• _Exercise brief_: A line containing "fill: #f3b3cf;" appears in the material below. Return exactly every line from the first through that one, and only those.

• _Data for review_:
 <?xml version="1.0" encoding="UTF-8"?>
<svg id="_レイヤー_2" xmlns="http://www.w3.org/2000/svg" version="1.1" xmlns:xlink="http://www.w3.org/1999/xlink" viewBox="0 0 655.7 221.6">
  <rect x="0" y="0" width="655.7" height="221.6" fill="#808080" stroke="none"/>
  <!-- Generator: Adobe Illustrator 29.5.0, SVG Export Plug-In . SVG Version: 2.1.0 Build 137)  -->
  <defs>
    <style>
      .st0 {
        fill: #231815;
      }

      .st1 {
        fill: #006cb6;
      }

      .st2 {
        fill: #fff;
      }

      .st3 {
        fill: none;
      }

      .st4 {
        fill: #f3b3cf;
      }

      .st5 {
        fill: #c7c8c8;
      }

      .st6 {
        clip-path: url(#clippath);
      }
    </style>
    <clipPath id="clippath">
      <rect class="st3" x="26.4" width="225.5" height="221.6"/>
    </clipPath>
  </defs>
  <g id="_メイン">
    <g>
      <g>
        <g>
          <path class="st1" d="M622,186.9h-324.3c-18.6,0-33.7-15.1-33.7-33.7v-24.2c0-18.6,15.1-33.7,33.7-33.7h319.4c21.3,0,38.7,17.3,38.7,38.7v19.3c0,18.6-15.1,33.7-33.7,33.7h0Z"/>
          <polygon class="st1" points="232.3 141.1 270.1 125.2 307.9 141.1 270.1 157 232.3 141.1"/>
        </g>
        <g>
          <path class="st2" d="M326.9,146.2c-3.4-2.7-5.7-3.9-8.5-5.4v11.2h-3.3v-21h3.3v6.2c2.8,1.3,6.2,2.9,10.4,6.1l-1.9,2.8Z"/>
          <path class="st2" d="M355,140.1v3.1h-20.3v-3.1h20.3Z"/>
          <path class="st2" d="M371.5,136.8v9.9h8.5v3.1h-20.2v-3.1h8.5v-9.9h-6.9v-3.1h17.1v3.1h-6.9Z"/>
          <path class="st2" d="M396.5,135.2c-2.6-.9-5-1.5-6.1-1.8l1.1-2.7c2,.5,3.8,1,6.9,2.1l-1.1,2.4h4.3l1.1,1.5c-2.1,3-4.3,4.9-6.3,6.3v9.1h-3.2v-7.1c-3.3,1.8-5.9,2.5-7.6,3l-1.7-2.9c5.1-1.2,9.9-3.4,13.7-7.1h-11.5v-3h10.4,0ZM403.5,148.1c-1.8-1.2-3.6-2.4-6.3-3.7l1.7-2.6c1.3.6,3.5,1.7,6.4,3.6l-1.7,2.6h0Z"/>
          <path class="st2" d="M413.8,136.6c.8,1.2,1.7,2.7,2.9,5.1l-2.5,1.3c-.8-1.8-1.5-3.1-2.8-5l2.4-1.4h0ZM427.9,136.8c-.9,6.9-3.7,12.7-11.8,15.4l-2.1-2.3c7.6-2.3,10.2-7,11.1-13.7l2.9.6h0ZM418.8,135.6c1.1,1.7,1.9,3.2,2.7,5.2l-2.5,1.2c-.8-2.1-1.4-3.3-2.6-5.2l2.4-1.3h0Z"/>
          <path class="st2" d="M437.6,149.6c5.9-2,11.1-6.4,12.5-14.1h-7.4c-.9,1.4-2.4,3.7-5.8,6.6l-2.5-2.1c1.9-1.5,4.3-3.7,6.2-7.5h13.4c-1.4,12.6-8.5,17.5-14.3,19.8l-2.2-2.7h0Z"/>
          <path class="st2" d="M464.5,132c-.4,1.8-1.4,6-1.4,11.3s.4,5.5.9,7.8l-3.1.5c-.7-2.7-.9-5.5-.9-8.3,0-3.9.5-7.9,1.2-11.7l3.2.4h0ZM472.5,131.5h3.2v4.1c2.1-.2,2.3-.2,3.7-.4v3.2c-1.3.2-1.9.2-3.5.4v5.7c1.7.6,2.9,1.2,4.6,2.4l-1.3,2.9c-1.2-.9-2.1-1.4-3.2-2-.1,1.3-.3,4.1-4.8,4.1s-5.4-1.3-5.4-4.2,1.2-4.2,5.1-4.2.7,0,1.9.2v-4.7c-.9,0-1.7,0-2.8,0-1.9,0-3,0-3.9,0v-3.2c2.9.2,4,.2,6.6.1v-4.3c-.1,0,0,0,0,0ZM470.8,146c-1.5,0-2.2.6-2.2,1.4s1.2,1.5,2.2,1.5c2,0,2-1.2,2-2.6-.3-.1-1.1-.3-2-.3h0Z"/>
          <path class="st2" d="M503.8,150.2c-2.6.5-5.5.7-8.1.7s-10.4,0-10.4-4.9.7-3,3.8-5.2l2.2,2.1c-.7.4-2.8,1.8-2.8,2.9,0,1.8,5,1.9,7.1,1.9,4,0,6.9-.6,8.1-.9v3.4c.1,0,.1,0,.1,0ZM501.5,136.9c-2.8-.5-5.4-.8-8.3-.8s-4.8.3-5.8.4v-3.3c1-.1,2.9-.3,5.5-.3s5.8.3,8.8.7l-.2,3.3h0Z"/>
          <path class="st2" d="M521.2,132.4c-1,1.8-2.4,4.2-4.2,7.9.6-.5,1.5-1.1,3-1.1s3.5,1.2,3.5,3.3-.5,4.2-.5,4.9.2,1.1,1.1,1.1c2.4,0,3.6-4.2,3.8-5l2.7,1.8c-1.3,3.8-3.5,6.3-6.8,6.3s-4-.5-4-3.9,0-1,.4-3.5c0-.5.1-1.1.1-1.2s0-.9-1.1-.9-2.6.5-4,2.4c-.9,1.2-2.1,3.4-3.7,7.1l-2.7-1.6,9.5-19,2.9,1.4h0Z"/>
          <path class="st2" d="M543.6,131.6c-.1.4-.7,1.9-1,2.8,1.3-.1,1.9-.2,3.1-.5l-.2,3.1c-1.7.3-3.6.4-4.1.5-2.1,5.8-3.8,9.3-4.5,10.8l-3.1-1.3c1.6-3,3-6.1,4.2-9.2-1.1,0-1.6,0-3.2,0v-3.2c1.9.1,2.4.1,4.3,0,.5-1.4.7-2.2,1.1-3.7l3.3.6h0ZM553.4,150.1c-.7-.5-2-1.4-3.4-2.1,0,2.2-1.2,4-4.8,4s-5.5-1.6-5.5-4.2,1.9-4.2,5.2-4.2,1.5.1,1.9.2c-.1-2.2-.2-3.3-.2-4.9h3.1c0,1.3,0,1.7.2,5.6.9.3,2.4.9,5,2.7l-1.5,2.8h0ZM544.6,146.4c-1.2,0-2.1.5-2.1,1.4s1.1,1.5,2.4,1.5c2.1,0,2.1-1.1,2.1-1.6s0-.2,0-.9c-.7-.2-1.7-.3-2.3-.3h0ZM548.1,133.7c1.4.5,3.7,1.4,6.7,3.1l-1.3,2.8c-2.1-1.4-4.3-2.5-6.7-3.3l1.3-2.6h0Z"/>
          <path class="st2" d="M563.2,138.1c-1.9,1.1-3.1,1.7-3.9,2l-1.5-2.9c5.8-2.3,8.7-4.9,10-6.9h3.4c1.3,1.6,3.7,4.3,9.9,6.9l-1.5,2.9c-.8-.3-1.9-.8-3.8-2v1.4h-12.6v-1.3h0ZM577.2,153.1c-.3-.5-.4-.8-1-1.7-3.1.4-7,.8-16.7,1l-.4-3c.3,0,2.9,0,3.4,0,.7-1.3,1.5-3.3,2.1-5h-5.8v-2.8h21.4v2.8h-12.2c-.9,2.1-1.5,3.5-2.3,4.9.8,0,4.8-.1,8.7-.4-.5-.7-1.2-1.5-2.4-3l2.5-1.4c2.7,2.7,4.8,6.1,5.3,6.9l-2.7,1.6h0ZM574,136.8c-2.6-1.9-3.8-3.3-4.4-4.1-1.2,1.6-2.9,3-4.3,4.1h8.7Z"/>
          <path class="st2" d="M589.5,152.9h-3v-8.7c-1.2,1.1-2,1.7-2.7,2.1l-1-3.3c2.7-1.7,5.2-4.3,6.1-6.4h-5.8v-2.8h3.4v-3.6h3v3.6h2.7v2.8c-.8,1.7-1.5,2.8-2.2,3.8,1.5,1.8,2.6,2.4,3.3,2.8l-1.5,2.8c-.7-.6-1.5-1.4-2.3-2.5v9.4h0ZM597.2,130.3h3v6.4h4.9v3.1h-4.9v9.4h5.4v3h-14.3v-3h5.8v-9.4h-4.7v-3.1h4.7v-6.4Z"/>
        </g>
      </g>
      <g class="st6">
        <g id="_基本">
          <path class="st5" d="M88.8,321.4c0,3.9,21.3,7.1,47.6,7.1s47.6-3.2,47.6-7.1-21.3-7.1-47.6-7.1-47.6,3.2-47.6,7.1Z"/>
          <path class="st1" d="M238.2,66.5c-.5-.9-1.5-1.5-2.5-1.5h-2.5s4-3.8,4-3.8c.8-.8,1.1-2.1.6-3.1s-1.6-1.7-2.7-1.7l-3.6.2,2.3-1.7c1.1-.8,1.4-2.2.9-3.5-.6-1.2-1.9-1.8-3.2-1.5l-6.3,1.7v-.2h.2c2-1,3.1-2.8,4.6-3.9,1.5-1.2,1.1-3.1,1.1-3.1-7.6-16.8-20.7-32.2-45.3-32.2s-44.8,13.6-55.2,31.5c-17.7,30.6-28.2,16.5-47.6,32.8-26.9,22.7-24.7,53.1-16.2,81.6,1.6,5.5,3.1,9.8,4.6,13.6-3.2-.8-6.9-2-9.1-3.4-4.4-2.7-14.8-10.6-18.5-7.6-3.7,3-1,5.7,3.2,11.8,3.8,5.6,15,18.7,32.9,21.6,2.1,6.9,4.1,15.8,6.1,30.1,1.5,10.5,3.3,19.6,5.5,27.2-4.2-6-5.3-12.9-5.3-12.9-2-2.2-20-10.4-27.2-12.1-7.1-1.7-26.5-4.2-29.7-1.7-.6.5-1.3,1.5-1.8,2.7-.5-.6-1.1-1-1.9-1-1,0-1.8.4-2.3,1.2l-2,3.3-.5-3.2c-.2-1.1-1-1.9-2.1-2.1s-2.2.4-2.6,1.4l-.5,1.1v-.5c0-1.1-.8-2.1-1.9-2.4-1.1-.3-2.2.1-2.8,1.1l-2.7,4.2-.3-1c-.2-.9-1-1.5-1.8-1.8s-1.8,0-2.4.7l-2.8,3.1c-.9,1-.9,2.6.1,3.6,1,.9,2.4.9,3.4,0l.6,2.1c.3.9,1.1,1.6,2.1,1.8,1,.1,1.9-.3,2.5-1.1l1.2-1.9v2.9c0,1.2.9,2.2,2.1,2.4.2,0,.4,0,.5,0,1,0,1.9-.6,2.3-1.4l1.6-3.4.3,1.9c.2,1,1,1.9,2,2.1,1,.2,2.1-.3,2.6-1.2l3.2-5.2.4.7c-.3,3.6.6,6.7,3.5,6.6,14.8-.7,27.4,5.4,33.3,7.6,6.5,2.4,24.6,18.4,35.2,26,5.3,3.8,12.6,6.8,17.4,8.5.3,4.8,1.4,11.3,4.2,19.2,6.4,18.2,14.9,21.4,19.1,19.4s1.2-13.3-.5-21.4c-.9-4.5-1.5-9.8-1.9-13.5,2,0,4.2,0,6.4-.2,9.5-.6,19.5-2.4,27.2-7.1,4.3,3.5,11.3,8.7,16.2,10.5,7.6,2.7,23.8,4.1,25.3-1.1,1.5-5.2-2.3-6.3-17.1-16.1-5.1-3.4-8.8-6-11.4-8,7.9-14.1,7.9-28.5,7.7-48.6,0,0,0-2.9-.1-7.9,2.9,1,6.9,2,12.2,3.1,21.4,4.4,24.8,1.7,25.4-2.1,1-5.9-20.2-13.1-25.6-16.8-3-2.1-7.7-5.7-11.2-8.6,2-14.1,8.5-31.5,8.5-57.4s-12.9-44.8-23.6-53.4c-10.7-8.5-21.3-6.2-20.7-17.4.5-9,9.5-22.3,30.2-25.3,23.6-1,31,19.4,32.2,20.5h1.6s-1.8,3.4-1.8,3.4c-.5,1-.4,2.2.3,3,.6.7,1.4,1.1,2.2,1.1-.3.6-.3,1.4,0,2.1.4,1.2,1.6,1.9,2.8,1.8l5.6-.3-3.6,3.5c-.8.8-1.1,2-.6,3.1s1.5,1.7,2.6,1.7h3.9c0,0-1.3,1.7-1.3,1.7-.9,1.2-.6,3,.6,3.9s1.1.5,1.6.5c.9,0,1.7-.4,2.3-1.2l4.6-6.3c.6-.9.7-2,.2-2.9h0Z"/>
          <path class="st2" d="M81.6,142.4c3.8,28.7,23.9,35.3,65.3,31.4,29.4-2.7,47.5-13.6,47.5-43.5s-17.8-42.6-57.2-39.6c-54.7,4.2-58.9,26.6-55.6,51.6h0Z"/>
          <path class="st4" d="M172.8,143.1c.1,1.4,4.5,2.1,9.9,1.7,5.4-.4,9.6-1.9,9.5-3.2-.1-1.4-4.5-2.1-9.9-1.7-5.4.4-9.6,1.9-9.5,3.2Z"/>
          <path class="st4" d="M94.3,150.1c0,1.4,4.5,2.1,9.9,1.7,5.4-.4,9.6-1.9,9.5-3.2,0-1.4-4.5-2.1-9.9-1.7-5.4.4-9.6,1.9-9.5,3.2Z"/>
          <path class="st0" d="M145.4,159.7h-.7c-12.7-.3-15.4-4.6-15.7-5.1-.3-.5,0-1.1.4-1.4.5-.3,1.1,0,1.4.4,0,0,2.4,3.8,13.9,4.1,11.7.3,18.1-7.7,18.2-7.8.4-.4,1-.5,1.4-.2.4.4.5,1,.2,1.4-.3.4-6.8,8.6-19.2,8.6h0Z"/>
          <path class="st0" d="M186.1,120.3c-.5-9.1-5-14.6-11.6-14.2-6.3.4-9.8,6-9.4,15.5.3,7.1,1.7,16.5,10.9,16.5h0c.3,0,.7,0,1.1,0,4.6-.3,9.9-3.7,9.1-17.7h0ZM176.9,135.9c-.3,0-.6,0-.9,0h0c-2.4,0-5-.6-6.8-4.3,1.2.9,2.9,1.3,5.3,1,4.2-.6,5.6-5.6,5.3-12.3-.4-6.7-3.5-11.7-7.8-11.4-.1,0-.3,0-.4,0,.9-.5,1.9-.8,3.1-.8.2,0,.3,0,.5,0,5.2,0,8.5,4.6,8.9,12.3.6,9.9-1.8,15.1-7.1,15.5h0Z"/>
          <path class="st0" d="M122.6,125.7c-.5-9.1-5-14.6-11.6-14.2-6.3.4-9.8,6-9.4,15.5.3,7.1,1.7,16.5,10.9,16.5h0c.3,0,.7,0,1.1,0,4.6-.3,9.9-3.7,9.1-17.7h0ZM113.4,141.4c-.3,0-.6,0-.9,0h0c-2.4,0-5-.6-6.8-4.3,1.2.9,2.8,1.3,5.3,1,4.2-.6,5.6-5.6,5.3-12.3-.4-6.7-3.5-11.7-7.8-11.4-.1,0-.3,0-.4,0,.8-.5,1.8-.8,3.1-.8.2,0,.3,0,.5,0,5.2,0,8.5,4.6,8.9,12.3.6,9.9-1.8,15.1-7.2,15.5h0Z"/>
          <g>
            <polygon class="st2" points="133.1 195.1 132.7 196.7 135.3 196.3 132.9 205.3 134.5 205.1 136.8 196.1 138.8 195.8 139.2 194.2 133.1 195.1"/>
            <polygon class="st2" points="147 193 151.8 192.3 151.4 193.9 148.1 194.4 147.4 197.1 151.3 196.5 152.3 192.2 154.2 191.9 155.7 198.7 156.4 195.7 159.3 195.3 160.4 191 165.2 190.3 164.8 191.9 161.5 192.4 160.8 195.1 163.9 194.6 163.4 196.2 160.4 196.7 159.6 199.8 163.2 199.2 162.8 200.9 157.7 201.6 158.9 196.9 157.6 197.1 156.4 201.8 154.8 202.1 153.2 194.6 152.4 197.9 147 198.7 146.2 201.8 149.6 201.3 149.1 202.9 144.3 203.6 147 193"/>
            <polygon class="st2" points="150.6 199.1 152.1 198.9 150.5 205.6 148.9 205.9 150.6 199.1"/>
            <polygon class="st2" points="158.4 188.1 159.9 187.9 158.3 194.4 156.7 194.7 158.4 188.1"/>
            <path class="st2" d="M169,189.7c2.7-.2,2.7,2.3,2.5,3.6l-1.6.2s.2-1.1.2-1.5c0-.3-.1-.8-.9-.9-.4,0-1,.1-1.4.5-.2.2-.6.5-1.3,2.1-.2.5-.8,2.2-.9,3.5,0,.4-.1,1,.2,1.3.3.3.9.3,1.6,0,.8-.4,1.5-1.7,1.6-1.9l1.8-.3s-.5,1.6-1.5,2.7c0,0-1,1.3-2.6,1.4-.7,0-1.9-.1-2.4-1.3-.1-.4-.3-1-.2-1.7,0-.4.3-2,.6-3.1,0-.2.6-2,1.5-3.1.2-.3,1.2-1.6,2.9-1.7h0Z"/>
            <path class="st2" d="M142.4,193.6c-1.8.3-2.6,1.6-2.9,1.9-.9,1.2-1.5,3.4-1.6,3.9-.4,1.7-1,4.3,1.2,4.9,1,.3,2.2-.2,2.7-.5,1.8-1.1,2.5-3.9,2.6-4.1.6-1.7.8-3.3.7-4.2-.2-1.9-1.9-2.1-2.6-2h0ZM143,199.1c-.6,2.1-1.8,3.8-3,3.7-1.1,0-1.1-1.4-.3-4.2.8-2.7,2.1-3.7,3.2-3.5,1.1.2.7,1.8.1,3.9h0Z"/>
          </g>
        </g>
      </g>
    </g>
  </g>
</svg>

• _Exercise result_:
 <?xml version="1.0" encoding="UTF-8"?>
<svg id="_レイヤー_2" xmlns="http://www.w3.org/2000/svg" version="1.1" xmlns:xlink="http://www.w3.org/1999/xlink" viewBox="0 0 655.7 221.6">
  <rect x="0" y="0" width="655.7" height="221.6" fill="#808080" stroke="none"/>
  <!-- Generator: Adobe Illustrator 29.5.0, SVG Export Plug-In . SVG Version: 2.1.0 Build 137)  -->
  <defs>
    <style>
      .st0 {
        fill: #231815;
      }

      .st1 {
        fill: #006cb6;
      }

      .st2 {
        fill: #fff;
      }

      .st3 {
        fill: none;
      }

      .st4 {
        fill: #f3b3cf;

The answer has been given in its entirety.